New research presented at a conference this week suggests a common stomach bacterium with known links to duodenal ulcers and stomach cancer may trigger disease by disarming a part of the immune system that is involved in controlling inflammation.
Strong evidence from epidemiological research – studies that look at incidence of disease and possible causes in populations – and evidence from molecular studies has led to the idea that bacteria can cause cancer.
One of these pathogens is Helicobacter pylori, a bacterium that establishes a life-long infection in humans and is estimated to inhabit the stomach lining of around half the world’s population.
At the Society for General Microbiology Autumn Conference 2013, which is taking place this week, researchers from the University of Nottingham in the UK presented findings that they hope will give us a clearer understanding of how H. pylori interferes with the human immune system so it can thrive in the mucosal lining of the stomach.

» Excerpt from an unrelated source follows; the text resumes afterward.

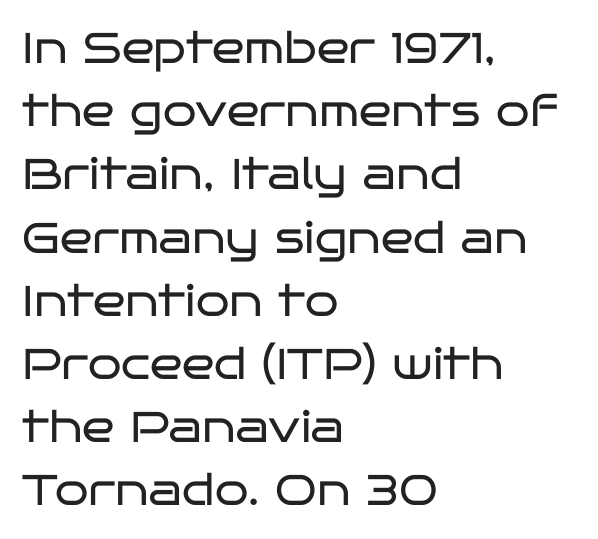
{"serif": "no", "italic": "no", "bold": "no", "weight": "regular", "width": "wide", "stroke_contrast": "low", "x_height": "large", "monospaced": "no", "underline": "no", "align": "left", "line_spacing": "normal", "line_spacing_ratio": 1.47, "letter_spacing": "normal", "letter_spacing_em": 0.0, "glyph_px": 43}

Katie Cook, from Nottingham’s Faculty of Medicine & Health Sciences, presented the work and says:
“To identify people who are likely to suffer from stomach cancer, we need to understand how H. pylori interacts with the cells of the stomach lining.”
Cook and colleagues found that H. pylori is able to suppress the body’s natural production of human beta defensin 1 (hβD1), an antimicrobial agent found in the stomach lining, where it helps to stave off bacterial infection.
They made their discovery by examining tissue samples biopsied from the stomach lining of 54 patients being treated at Nottingham’s Queens Medical Centre.
The team found that levels of hβD1 were ten times lower in patients infected with H. pylori, and patients with the lowest level of the antimicrobial agent had the highest level of the bacteria.
Previous studies have already discovered how the more damaging strains of H. pylori manage to infect cells: they construct a “molecular syringe” and use it to squirt bacterial products into the cells.
For their study, the team examined this mechanism in cultures of human stomach lining cells and found that the syringe method, which is called cagT4SS, activates pathways that suppress production of hβD1.
These pathways are already known to be involved in triggering inflammatory responses. So by deactivating that part of the immune system, the more damaging H. pylori strains help themselves to survive and set up colonies, and gradually, over decades, damage the tissue they invade.
This mechanism could explain why chronic inflammation of the stomach lining is so strongly linked to cancer of the stomach.
According to the American Cancer Society, more than half of all cases of stomach cancer are thought to be linked to H. pylori infection.
Although 50% of people are infected with H. pylori, only 1-2% of them go on to develop gastric cancer. However, survival rates are low because the symptoms do not usually emerge until the cancer is well-developed, and diagnosis is often too late for a good prognosis.
On a more positive note, there is also evidence that people with H. pylori have a lower risk of other types of cancer, although the reason for this is somewhat of a mystery. There is even evidence that H. pylori may protect against stroke.
Cook says:
“We hope to combine this work with that being carried out by our colleagues in order to develop a diagnostic test to predict the future risk of gastric cancer development.”